* Activity *
The required output is all lines below that contain the word "second".

(Entries provided Opens)

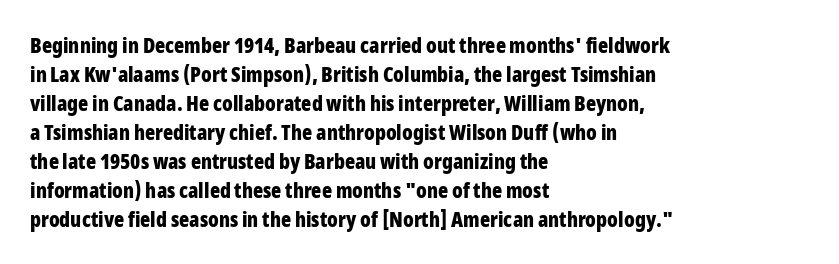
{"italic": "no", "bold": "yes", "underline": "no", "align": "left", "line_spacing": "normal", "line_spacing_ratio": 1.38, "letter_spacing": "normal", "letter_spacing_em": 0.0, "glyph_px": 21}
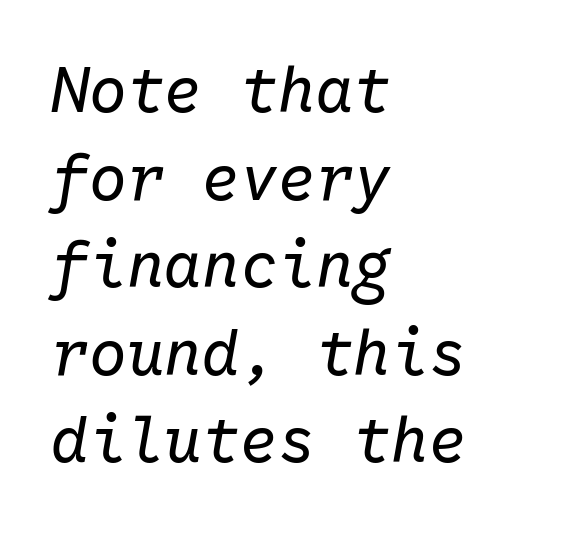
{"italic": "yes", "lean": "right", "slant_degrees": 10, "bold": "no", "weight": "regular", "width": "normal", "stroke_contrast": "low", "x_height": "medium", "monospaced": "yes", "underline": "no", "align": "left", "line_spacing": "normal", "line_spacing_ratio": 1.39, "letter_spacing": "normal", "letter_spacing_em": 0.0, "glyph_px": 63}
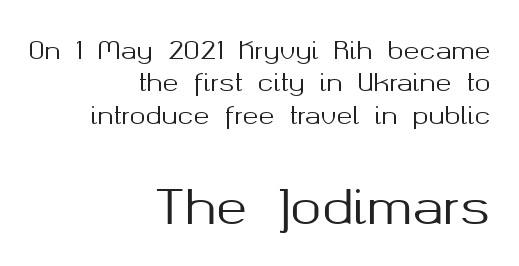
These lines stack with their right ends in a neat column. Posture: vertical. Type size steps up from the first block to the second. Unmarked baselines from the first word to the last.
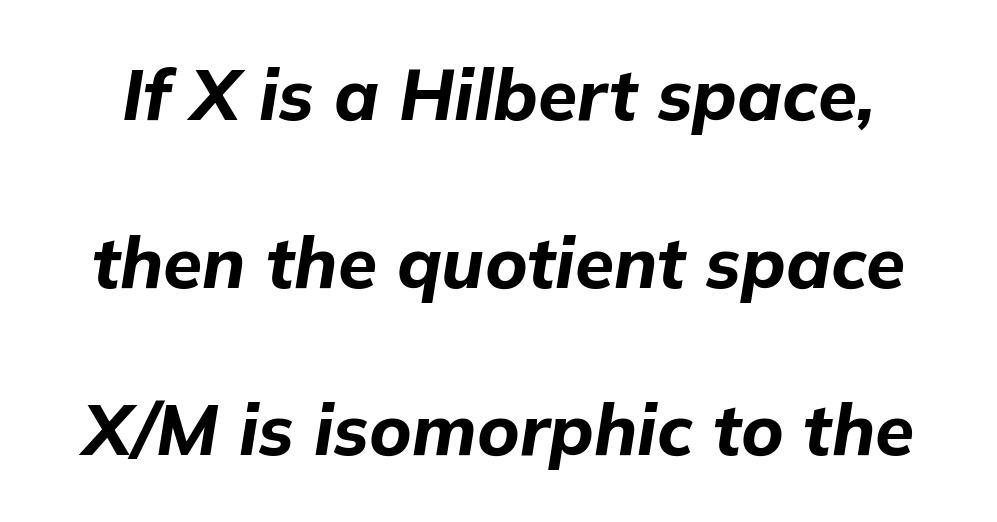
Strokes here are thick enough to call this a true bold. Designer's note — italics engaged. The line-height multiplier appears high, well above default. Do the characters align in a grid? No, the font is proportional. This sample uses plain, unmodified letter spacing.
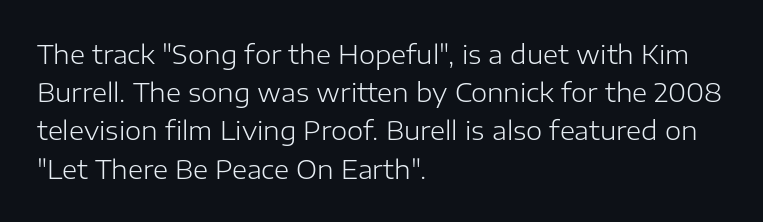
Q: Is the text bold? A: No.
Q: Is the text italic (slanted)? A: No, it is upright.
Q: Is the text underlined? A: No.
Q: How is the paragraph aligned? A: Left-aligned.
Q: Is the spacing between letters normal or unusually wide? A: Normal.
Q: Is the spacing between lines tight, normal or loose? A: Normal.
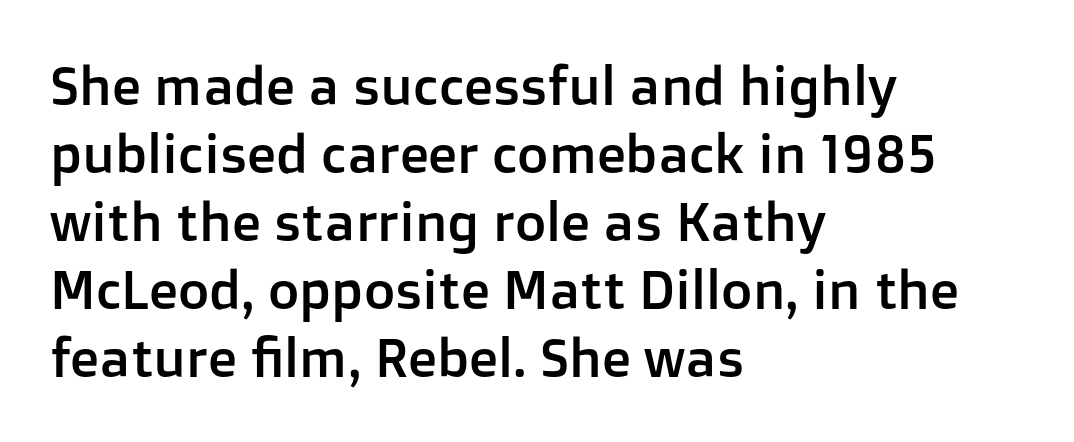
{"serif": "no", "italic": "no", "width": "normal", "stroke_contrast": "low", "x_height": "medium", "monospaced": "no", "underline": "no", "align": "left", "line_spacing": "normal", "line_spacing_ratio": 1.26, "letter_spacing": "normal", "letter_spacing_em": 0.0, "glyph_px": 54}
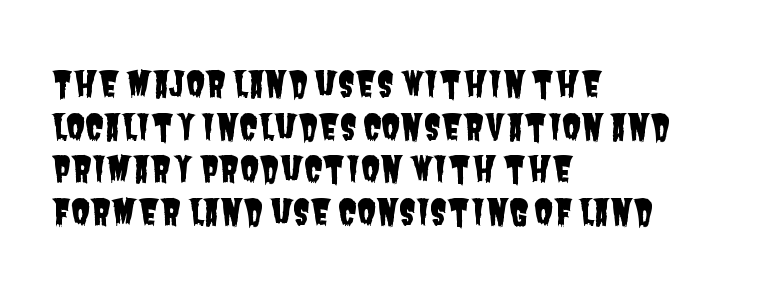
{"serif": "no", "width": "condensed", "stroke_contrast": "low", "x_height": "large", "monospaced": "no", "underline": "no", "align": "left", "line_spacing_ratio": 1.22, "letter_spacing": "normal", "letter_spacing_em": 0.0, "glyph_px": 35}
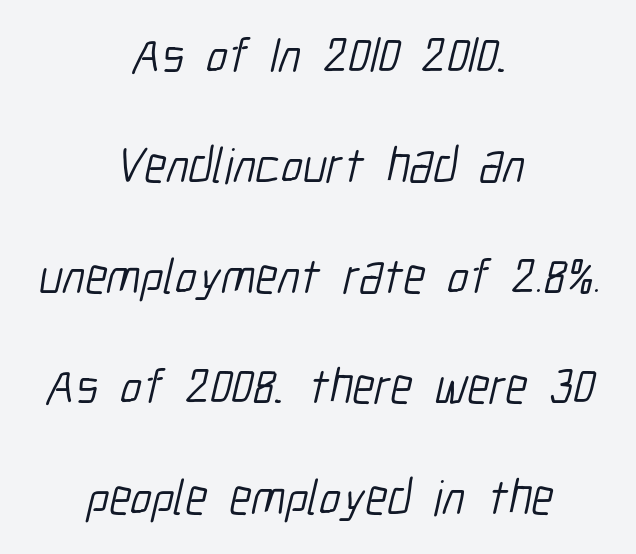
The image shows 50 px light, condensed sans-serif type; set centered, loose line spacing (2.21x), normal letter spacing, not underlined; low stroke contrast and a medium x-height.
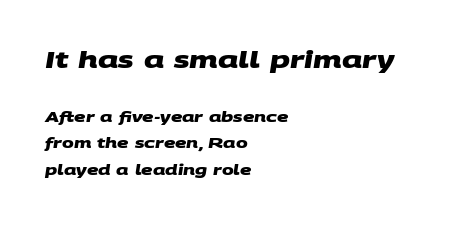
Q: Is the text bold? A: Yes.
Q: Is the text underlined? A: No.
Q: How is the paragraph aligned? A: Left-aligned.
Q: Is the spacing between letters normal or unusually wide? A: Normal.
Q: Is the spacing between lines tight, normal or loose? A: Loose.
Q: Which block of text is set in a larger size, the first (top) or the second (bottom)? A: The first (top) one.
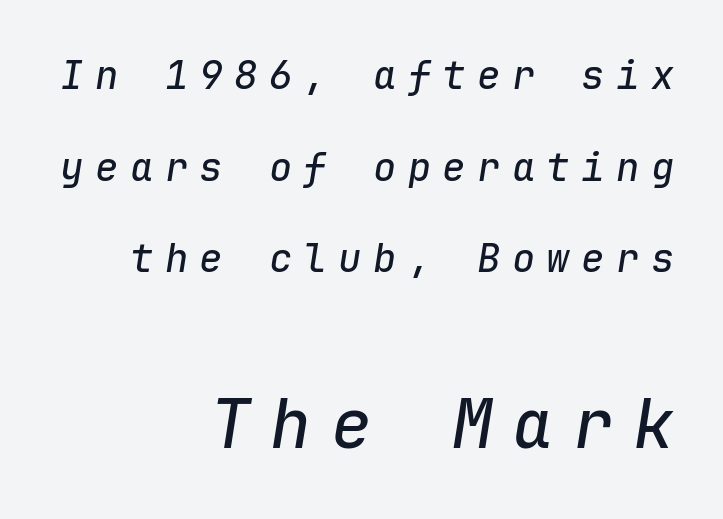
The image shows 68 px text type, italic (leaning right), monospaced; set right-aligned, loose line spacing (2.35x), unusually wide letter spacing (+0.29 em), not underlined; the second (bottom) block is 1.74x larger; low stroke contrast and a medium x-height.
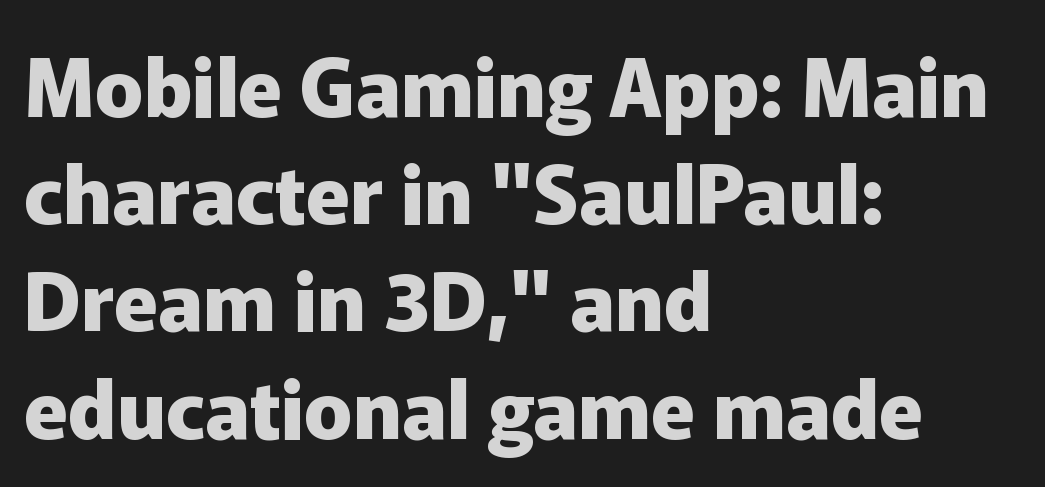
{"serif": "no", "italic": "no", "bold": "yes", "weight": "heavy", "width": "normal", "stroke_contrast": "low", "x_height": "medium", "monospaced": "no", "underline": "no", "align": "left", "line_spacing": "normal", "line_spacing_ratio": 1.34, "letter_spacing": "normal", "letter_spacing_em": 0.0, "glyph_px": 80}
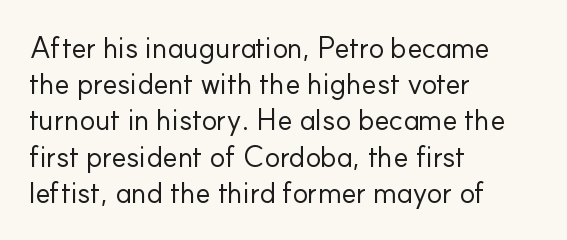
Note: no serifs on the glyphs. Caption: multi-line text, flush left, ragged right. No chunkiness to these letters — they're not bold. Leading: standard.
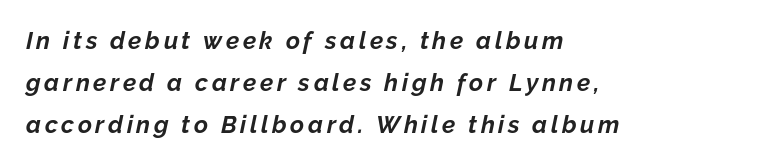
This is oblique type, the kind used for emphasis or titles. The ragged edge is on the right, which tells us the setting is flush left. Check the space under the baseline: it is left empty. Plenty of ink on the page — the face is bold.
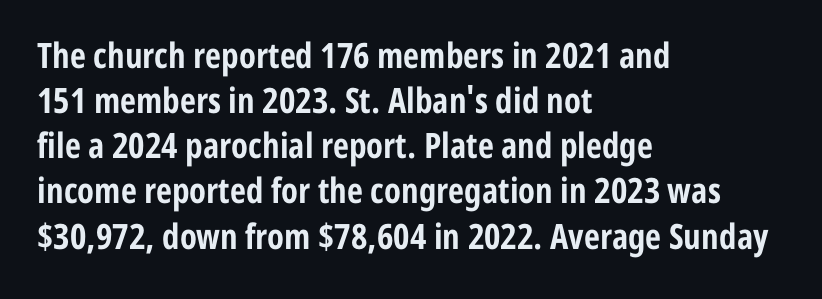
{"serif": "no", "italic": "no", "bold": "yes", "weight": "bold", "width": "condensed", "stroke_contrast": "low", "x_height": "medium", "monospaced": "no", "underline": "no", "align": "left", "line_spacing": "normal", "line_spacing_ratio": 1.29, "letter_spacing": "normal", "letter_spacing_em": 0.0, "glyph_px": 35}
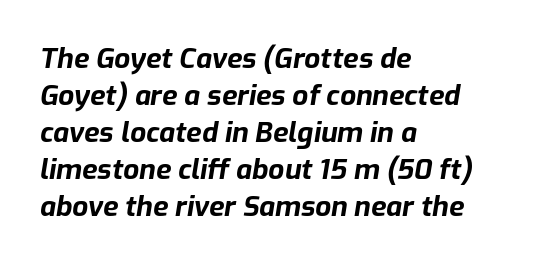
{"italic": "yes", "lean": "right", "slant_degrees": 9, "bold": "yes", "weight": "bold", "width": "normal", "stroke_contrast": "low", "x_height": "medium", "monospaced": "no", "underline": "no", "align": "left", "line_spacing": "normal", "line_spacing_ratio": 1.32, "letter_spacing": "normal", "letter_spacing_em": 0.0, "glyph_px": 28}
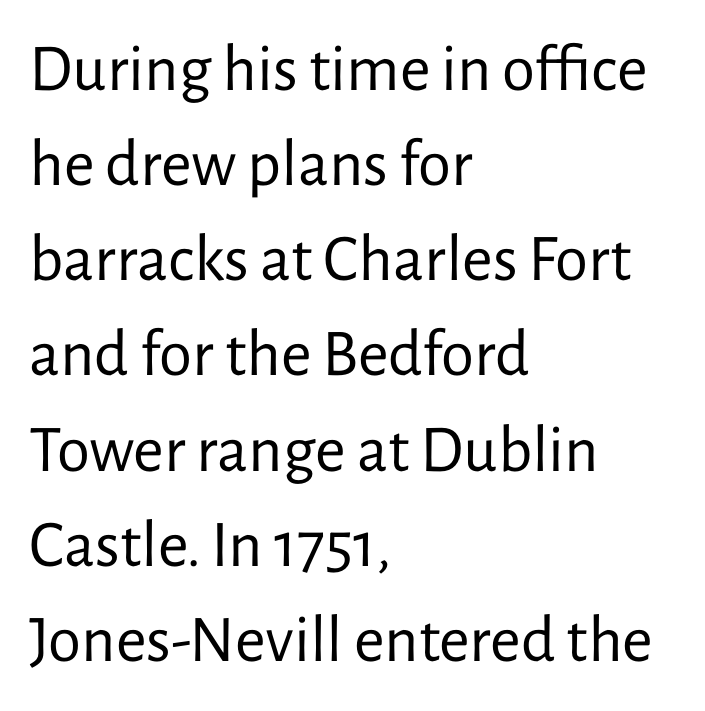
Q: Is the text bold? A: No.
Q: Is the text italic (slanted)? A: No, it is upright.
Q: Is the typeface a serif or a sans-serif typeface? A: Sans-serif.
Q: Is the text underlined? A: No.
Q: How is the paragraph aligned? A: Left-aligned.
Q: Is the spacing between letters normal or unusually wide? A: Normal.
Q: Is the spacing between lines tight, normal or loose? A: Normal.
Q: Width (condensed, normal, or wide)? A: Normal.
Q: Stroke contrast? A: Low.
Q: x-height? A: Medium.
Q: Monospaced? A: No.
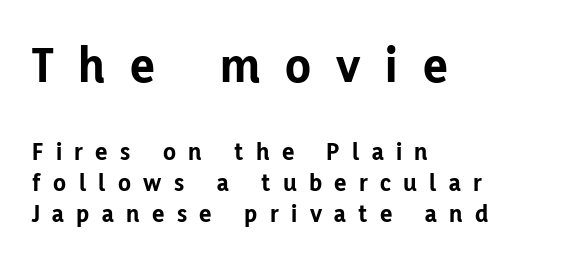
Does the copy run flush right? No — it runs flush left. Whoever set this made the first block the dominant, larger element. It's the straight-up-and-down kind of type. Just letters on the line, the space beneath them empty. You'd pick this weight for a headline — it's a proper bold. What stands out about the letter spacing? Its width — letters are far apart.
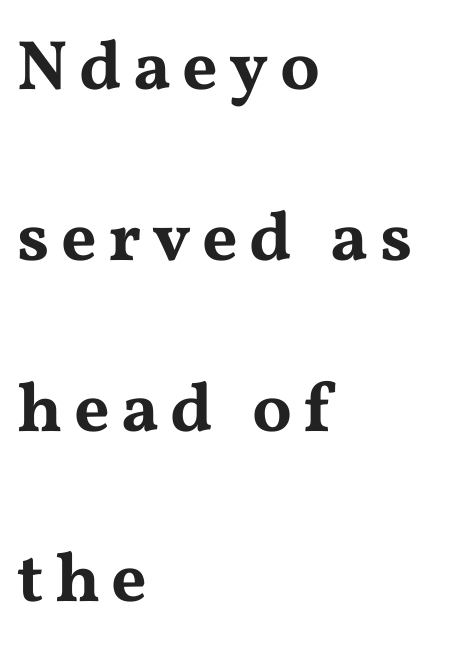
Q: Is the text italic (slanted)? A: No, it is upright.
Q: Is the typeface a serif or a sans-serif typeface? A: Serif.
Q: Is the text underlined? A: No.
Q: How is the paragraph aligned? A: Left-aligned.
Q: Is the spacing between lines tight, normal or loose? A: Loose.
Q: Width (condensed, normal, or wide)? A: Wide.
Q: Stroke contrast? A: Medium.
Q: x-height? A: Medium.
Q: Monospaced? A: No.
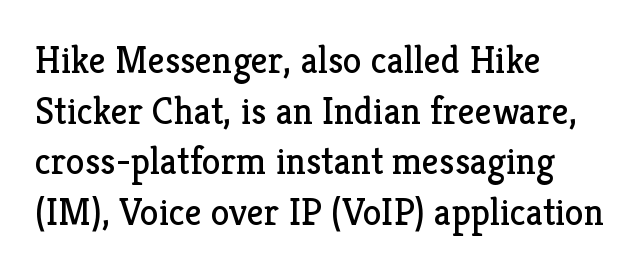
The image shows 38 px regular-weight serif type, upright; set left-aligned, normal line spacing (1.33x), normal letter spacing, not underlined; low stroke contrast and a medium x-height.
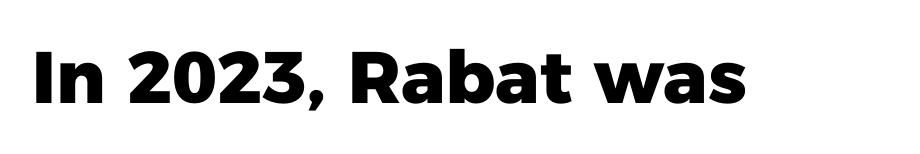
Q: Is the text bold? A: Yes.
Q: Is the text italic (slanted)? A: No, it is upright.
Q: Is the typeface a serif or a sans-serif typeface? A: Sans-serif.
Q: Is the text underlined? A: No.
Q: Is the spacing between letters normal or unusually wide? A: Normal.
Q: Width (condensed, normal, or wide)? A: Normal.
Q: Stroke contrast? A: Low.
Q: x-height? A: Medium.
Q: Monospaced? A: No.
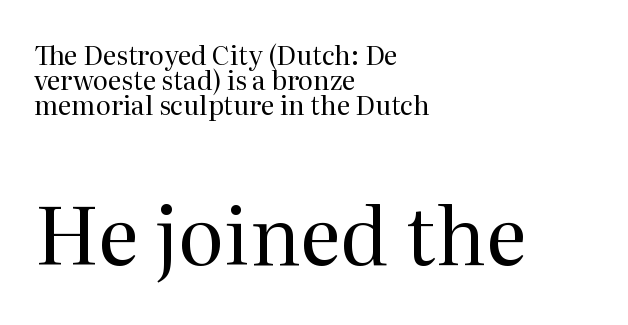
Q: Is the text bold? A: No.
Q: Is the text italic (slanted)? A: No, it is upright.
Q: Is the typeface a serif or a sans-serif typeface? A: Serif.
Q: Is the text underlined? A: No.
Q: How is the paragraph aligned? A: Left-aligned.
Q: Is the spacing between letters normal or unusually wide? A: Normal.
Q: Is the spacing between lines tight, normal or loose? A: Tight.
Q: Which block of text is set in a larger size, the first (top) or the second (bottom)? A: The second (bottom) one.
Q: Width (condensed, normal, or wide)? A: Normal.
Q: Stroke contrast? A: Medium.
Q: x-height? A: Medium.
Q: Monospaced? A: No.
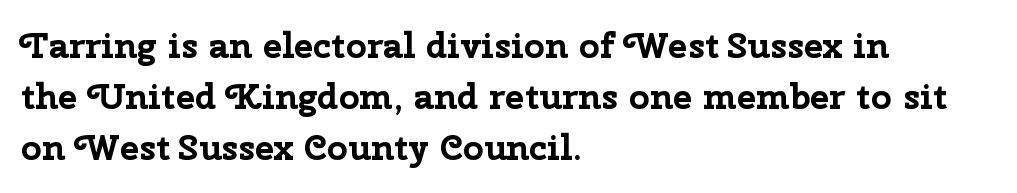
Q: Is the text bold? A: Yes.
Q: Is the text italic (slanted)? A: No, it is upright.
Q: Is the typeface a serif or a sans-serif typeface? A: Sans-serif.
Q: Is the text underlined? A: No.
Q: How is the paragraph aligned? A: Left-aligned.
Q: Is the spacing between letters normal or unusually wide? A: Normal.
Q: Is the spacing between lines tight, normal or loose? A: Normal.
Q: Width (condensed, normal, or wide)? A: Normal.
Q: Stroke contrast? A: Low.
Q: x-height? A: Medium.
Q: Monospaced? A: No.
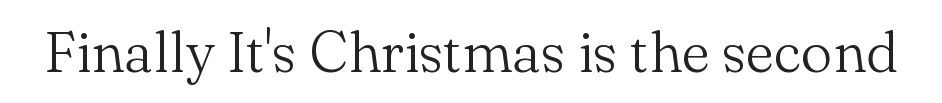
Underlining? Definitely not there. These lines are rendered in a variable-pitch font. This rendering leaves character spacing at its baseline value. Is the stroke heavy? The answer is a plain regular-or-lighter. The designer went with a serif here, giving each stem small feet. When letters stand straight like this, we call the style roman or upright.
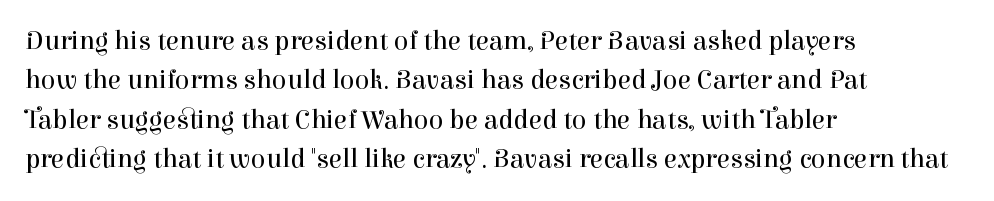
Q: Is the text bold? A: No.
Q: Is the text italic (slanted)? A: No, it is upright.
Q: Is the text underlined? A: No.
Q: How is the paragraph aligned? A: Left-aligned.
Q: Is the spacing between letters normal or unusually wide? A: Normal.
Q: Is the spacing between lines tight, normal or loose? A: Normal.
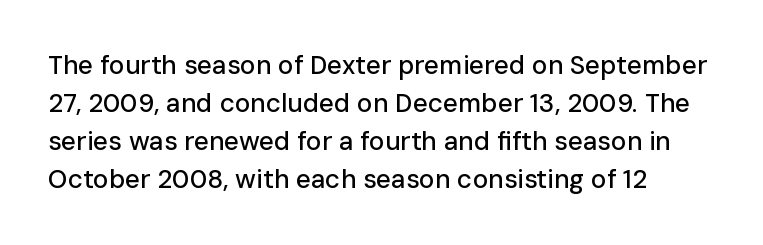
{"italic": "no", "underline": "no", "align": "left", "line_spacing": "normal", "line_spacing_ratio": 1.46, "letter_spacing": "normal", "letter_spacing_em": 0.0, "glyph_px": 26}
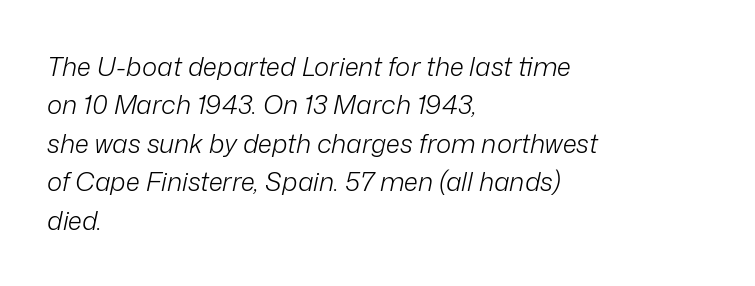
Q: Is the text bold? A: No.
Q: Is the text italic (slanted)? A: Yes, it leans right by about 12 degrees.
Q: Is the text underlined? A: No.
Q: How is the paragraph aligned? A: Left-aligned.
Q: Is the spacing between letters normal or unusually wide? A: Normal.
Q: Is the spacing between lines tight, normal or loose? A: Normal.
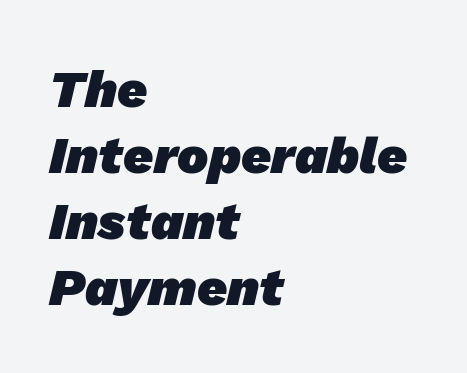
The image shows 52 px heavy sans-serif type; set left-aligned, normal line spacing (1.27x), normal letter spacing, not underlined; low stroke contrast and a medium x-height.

(Entries provided Closes)

* Answer *
These lines stack with their right ends in a neat column. Posture: vertical. Type size steps up from the first block to the second. Unmarked baselines from the first word to the last.
Q: Which block of text is set in a larger size, the first (top) or the second (bottom)? A: The first (top) one.
The image shows 68 px text type, italic (leaning right), monospaced; set right-aligned, loose line spacing (2.35x), unusually wide letter spacing (+0.29 em), not underlined; the second (bottom) block is 1.74x larger; low stroke contrast and a medium x-height.
Q: Which block of text is set in a larger size, the first (top) or the second (bottom)? A: The second (bottom) one.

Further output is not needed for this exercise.